• **INFORMATION PROVIDED**
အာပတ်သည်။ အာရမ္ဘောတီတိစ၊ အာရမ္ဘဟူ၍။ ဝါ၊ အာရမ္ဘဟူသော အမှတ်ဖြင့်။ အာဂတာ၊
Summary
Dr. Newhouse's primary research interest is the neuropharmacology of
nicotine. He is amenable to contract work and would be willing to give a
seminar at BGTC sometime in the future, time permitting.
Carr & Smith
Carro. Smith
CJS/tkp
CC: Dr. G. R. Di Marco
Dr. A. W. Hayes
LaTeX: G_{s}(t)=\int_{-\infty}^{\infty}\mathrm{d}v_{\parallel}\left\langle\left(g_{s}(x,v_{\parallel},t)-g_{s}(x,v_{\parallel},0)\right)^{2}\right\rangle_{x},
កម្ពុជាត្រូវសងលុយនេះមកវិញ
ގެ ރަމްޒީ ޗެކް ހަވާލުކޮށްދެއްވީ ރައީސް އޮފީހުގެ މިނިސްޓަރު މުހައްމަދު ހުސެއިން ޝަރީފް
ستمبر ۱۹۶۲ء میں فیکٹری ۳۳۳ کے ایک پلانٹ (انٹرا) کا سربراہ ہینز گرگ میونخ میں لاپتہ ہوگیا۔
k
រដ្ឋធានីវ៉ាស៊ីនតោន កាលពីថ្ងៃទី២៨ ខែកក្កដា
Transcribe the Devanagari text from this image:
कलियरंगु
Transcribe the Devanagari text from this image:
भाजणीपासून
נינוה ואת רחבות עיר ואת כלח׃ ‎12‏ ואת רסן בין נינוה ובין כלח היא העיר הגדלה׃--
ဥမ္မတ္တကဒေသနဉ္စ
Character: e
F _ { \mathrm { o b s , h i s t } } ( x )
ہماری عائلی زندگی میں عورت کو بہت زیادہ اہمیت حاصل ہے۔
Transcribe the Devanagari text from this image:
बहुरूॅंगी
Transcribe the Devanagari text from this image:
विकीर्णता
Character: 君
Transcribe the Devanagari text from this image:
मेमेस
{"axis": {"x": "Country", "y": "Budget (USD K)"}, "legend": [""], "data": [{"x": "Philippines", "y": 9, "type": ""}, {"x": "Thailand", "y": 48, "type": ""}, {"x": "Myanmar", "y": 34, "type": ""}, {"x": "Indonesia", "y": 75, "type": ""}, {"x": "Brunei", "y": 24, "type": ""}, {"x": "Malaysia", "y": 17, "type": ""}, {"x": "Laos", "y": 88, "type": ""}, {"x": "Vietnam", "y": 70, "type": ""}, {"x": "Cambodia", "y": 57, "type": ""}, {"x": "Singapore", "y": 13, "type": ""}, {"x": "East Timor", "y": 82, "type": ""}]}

• **TASK PROMPT**
Taking no liberties, give the material above again in full.

• **WRITTEN SOLUTION**
အာပတ်သည်။ အာရမ္ဘောတီတိစ၊ အာရမ္ဘဟူ၍။ ဝါ၊ အာရမ္ဘဟူသော အမှတ်ဖြင့်။ အာဂတာ၊
Summary
Dr. Newhouse's primary research interest is the neuropharmacology of
nicotine. He is amenable to contract work and would be willing to give a
seminar at BGTC sometime in the future, time permitting.
Carr & Smith
Carro. Smith
CJS/tkp
CC: Dr. G. R. Di Marco
Dr. A. W. Hayes
LaTeX: G_{s}(t)=\int_{-\infty}^{\infty}\mathrm{d}v_{\parallel}\left\langle\left(g_{s}(x,v_{\parallel},t)-g_{s}(x,v_{\parallel},0)\right)^{2}\right\rangle_{x},
កម្ពុជាត្រូវសងលុយនេះមកវិញ
ގެ ރަމްޒީ ޗެކް ހަވާލުކޮށްދެއްވީ ރައީސް އޮފީހުގެ މިނިސްޓަރު މުހައްމަދު ހުސެއިން ޝަރީފް
ستمبر ۱۹۶۲ء میں فیکٹری ۳۳۳ کے ایک پلانٹ (انٹرا) کا سربراہ ہینز گرگ میونخ میں لاپتہ ہوگیا۔
k
រដ្ឋធានីវ៉ាស៊ីនតោន កាលពីថ្ងៃទី២៨ ខែកក្កដា
Transcribe the Devanagari text from this image:
कलियरंगु
Transcribe the Devanagari text from this image:
भाजणीपासून
נינוה ואת רחבות עיר ואת כלח׃ ‎12‏ ואת רסן בין נינוה ובין כלח היא העיר הגדלה׃--
ဥမ္မတ္တကဒေသနဉ္စ
Character: e
F _ { \mathrm { o b s , h i s t } } ( x )
ہماری عائلی زندگی میں عورت کو بہت زیادہ اہمیت حاصل ہے۔
Transcribe the Devanagari text from this image:
बहुरूॅंगी
Transcribe the Devanagari text from this image:
विकीर्णता
Character: 君
Transcribe the Devanagari text from this image:
मेमेस
{"axis": {"x": "Country", "y": "Budget (USD K)"}, "legend": [""], "data": [{"x": "Philippines", "y": 9, "type": ""}, {"x": "Thailand", "y": 48, "type": ""}, {"x": "Myanmar", "y": 34, "type": ""}, {"x": "Indonesia", "y": 75, "type": ""}, {"x": "Brunei", "y": 24, "type": ""}, {"x": "Malaysia", "y": 17, "type": ""}, {"x": "Laos", "y": 88, "type": ""}, {"x": "Vietnam", "y": 70, "type": ""}, {"x": "Cambodia", "y": 57, "type": ""}, {"x": "Singapore", "y": 13, "type": ""}, {"x": "East Timor", "y": 82, "type": ""}]}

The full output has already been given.